Why doesn't the fundamental theorem of Galois theory apply to the extension $\mathbb{Q}(\sqrt[5]{3})$? I understand that this field is not a splitting field for any polynomial, as it does not contain the roots of unity.  If we had something like $\mathbb{Q}(\sqrt[5]{3}, \gamma)$, where $\gamma$ is a primitive fifth root of unity, the theorem would apply, as then the field would be a splitting field of $x^5 - 3$.  So basically, we need a root of unity to be there, but I'm not sure how to put this in formal terms.  
 A: As mentioned in the comments, $\mathbb{Q}(\sqrt[5]{3}) \supset \mathbb{Q}$ is not a Galois extension because it is not a splitting field of $x^5-3$, the minimal polynomial of $\sqrt[5]{3}$. You need the extension field to be a Galois extension, or equivalently a normal and separable extension, for the fundamental theorem of Galois theory to apply.

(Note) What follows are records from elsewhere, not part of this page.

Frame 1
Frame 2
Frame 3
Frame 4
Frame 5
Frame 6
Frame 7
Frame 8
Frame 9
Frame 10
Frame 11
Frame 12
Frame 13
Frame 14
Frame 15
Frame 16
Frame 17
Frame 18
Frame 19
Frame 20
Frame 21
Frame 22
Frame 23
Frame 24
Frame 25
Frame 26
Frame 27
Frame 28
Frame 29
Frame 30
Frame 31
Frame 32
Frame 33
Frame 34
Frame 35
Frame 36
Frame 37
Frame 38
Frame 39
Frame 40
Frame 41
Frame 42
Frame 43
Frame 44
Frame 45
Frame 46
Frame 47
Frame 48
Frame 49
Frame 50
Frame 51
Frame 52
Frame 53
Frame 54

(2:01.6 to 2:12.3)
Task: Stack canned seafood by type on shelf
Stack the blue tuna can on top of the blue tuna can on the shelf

Your extension $\mathbb{Q}(\sqrt[5]{3}) \supset \mathbb{Q}$ is separable but not normal. To show this, you need only to find a single polynomial that is irreducible over $\mathbb{Q}$ and has a root in $\mathbb{Q}(\sqrt[5]{3})$, but doesn't split completely over $\mathbb{Q}(\sqrt[5]{3})$. The polynomial $x^5-3$ is your example of this.

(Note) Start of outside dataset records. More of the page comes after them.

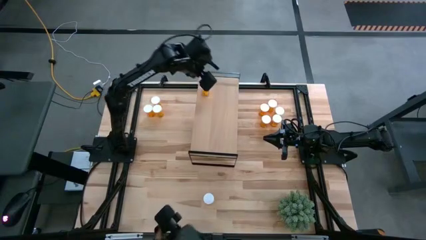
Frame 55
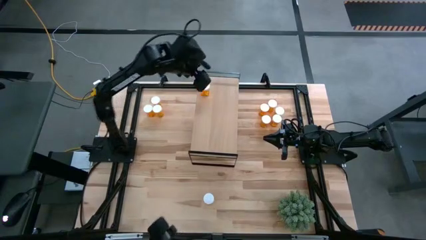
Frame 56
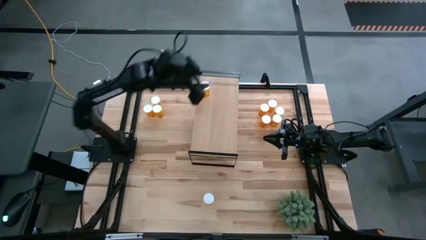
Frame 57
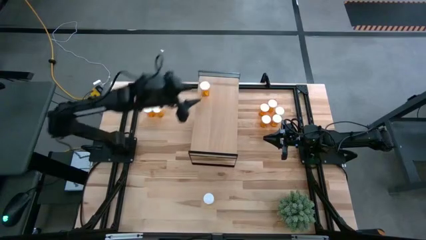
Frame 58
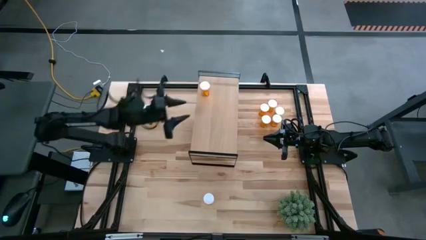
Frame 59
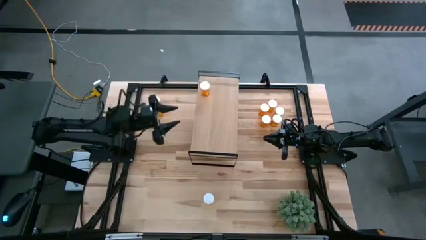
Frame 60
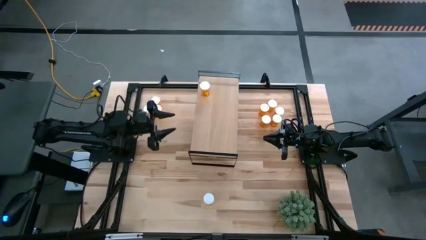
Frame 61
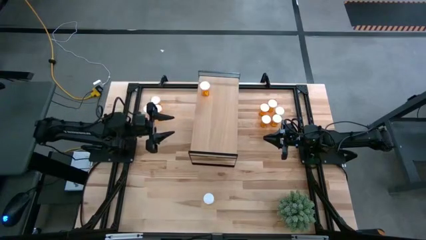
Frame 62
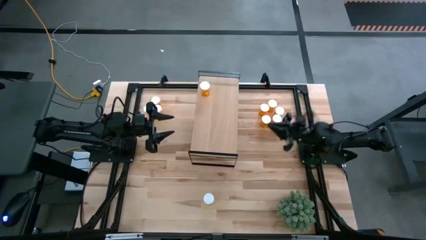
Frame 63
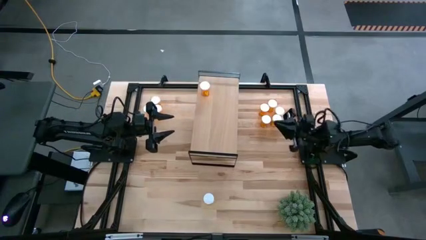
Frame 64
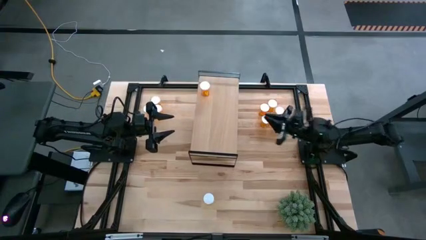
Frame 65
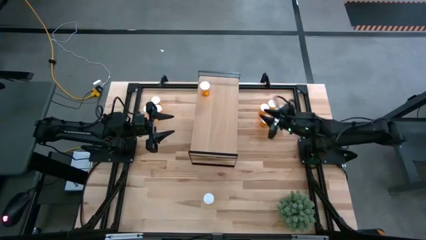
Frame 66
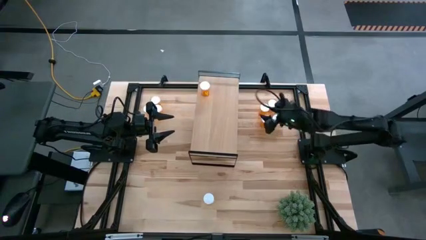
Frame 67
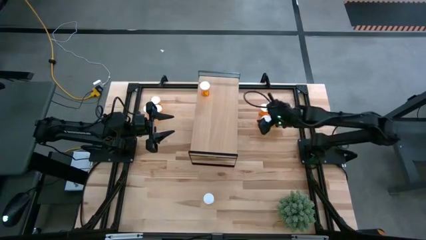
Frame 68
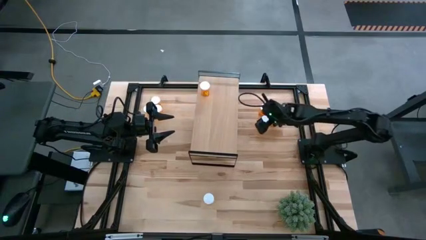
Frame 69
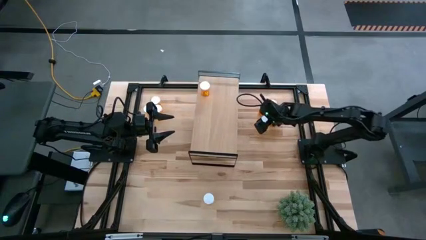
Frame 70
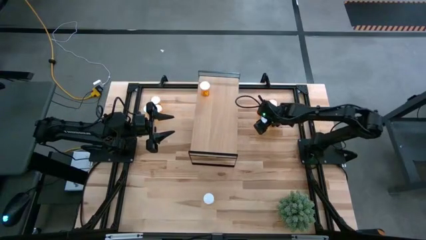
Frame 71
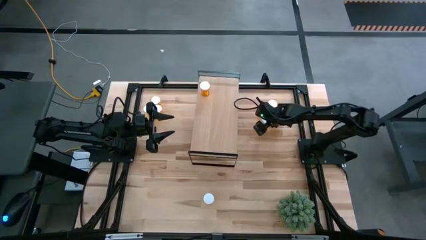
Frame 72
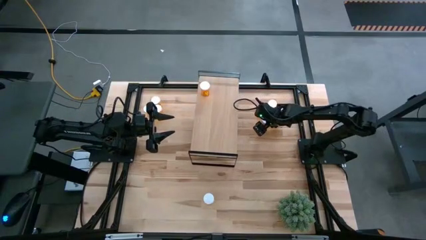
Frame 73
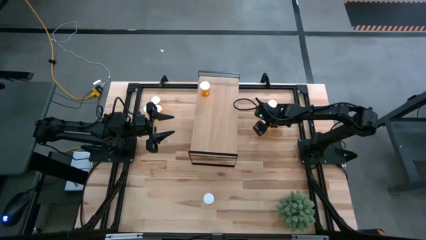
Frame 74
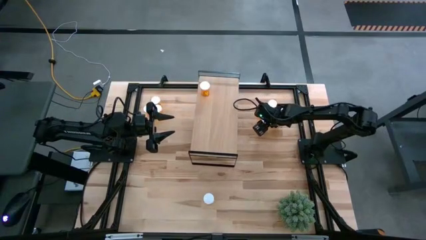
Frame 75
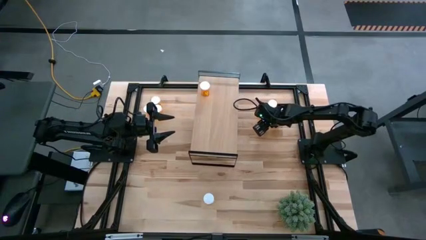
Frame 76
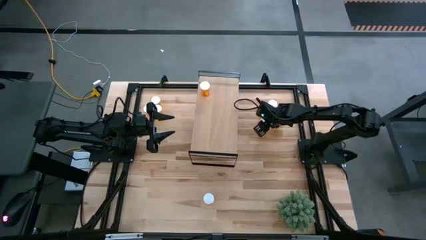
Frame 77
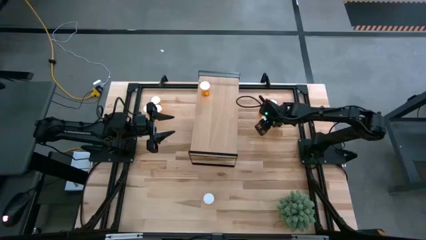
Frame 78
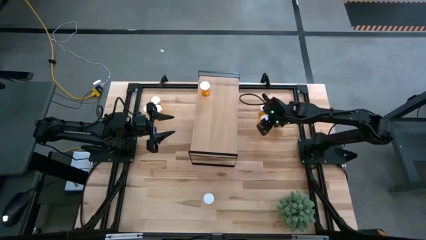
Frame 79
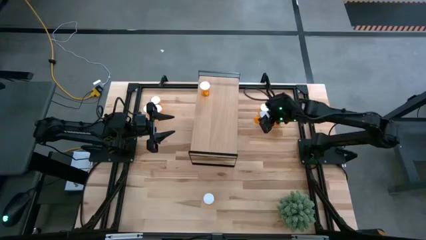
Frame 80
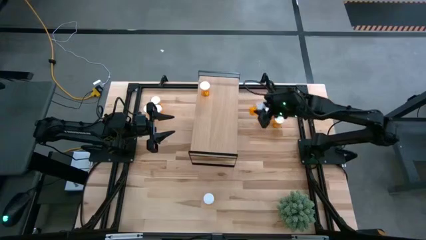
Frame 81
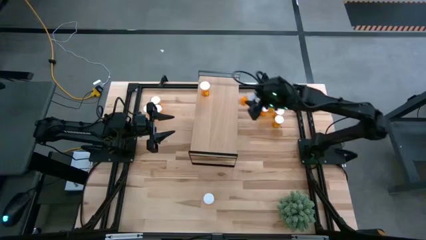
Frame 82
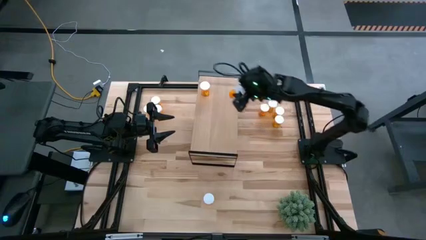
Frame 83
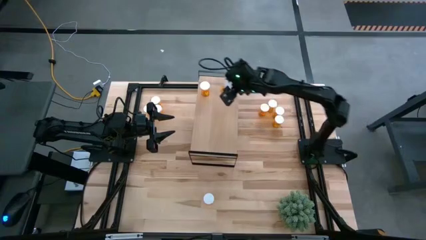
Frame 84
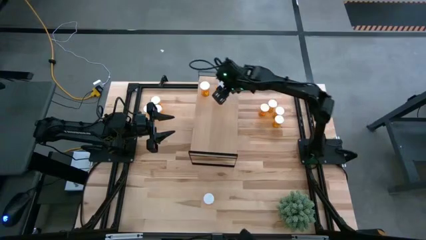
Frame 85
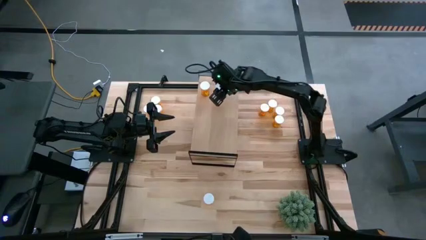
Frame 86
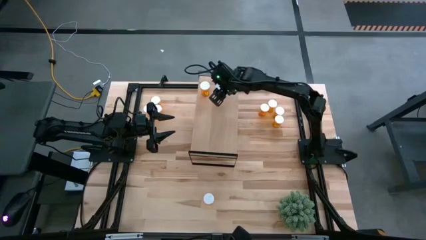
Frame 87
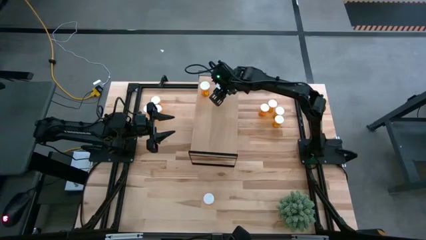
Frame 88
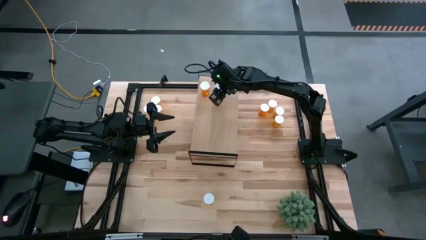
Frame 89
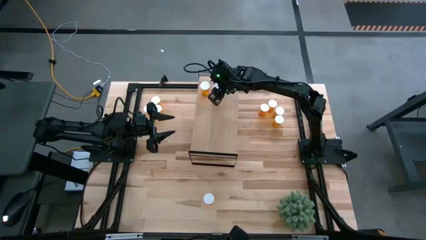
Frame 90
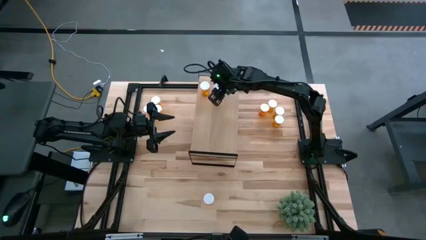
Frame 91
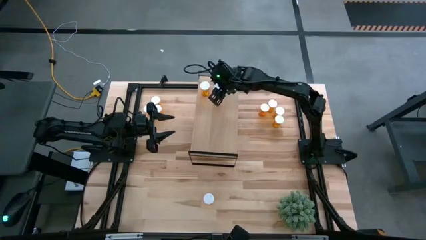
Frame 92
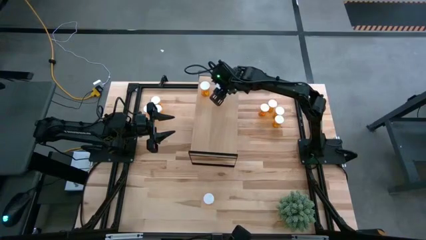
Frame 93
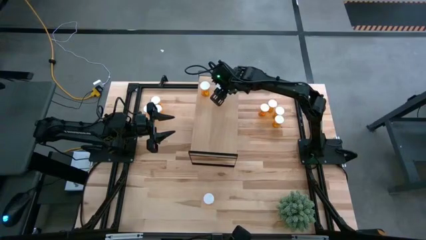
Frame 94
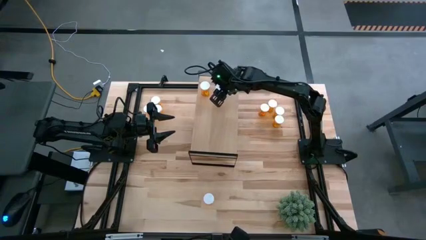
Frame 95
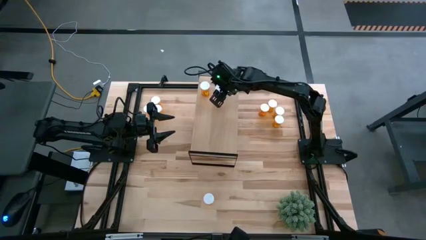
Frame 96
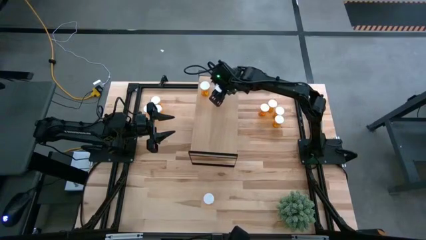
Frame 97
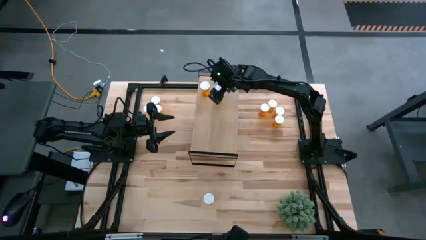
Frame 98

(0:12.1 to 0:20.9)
Task: Pick and place medicine bottles onto shelf by color
Put the orange pill bottle on the shelf

You can also realize that the Galois correspondence can't really apply here be because since $\mathbb{Q}(\sqrt[5]{3}) \supset \mathbb{Q}$ is not Galois, if we were to consider $\operatorname{Aut}_{\mathbb{Q}} \mathbb{Q}(\sqrt[5]{3})$, the fixed field is of these automorphisms is more than just $\mathbb{Q}$ by definition so the corresponding towers of intermediate fields and subgroups of $\operatorname{Aut}_{\mathbb{Q}} \mathbb{Q}(\sqrt[5]{3})$ would be off.